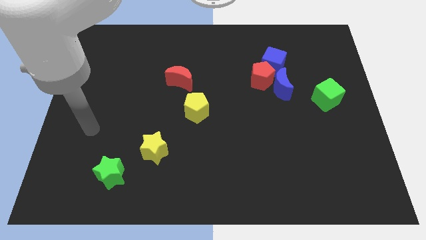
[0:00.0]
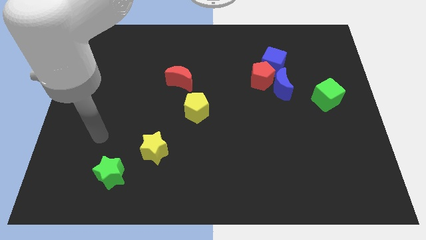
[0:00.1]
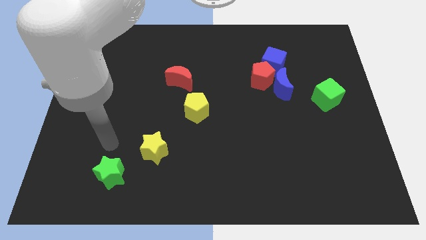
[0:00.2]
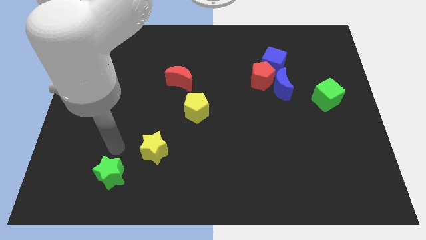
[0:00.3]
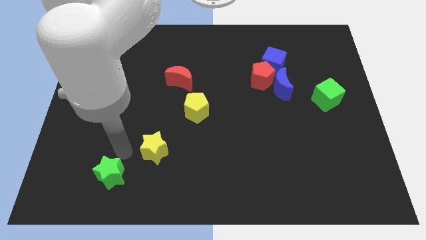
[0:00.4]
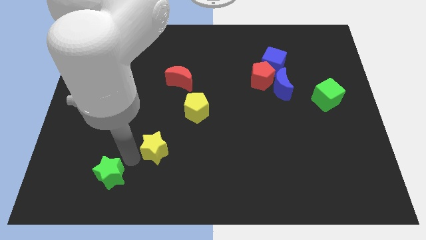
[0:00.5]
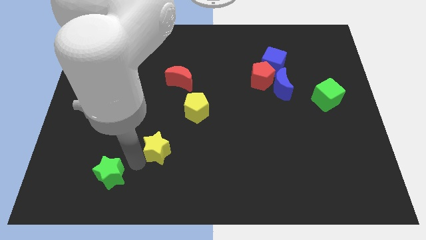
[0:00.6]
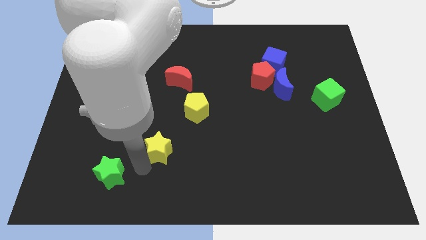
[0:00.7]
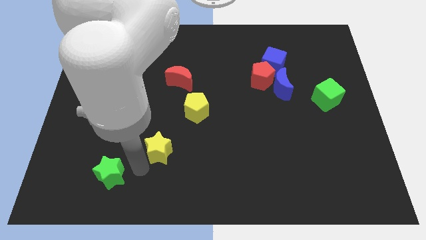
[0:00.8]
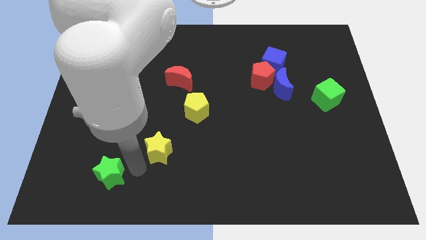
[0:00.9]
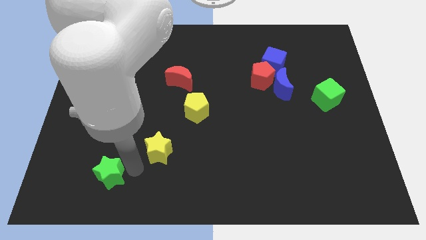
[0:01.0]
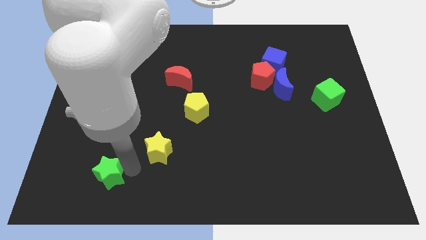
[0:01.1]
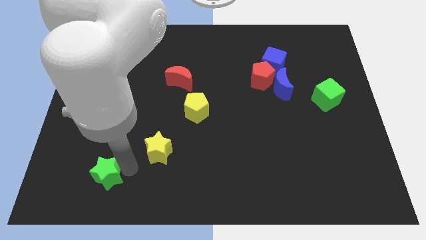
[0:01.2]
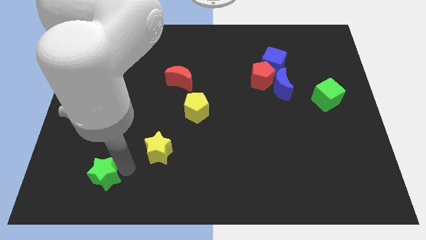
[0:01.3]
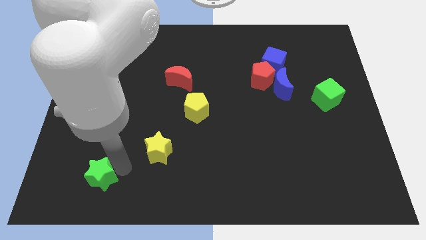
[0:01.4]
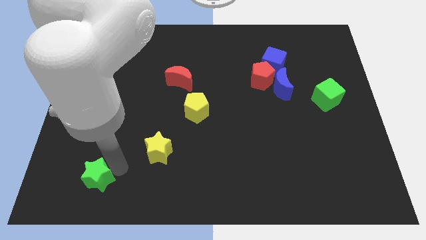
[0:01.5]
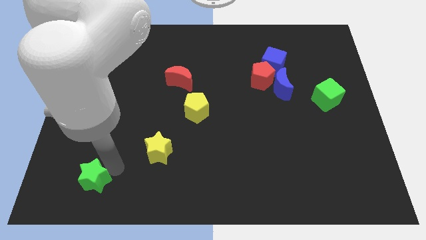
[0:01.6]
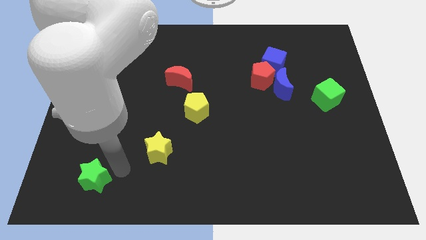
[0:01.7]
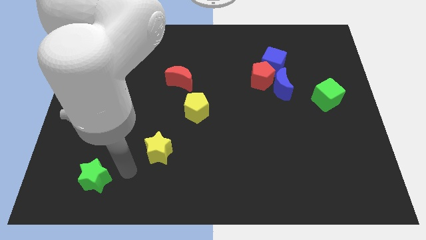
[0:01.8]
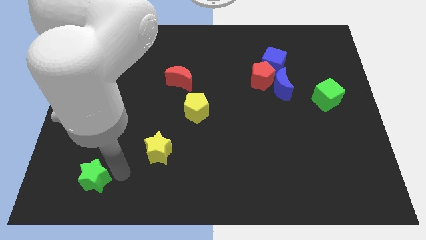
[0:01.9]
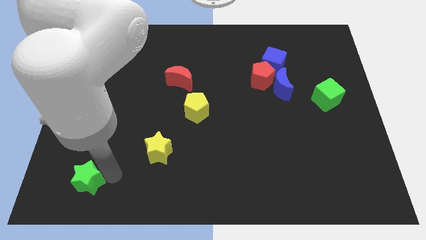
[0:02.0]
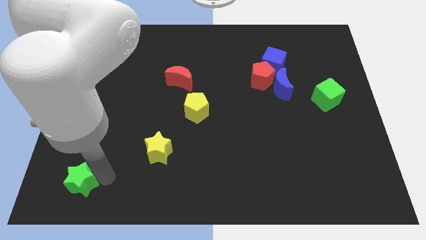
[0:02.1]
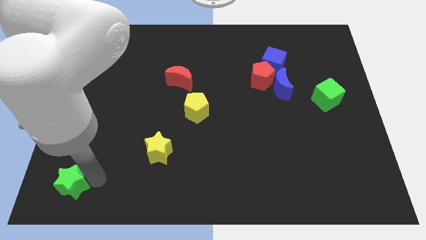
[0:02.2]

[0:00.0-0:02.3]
slide the green star to the bottom left corner

-.-.-

Omit all pictures while transcribing the entries verbatim.

[0:00.0]
[0:00.1]
[0:00.2]
[0:00.3]
[0:00.4]
[0:00.5]
[0:00.6]
[0:00.7]
[0:00.8]
[0:00.9]
[0:01.0]
[0:01.1]
[0:01.2]
[0:01.3]
[0:01.4]
[0:01.5]
[0:01.6]
[0:01.7]
[0:01.8]
[0:01.9]
[0:02.0]
[0:02.1]
[0:02.2]

[0:00.0-0:02.3]
slide the green star to the bottom left corner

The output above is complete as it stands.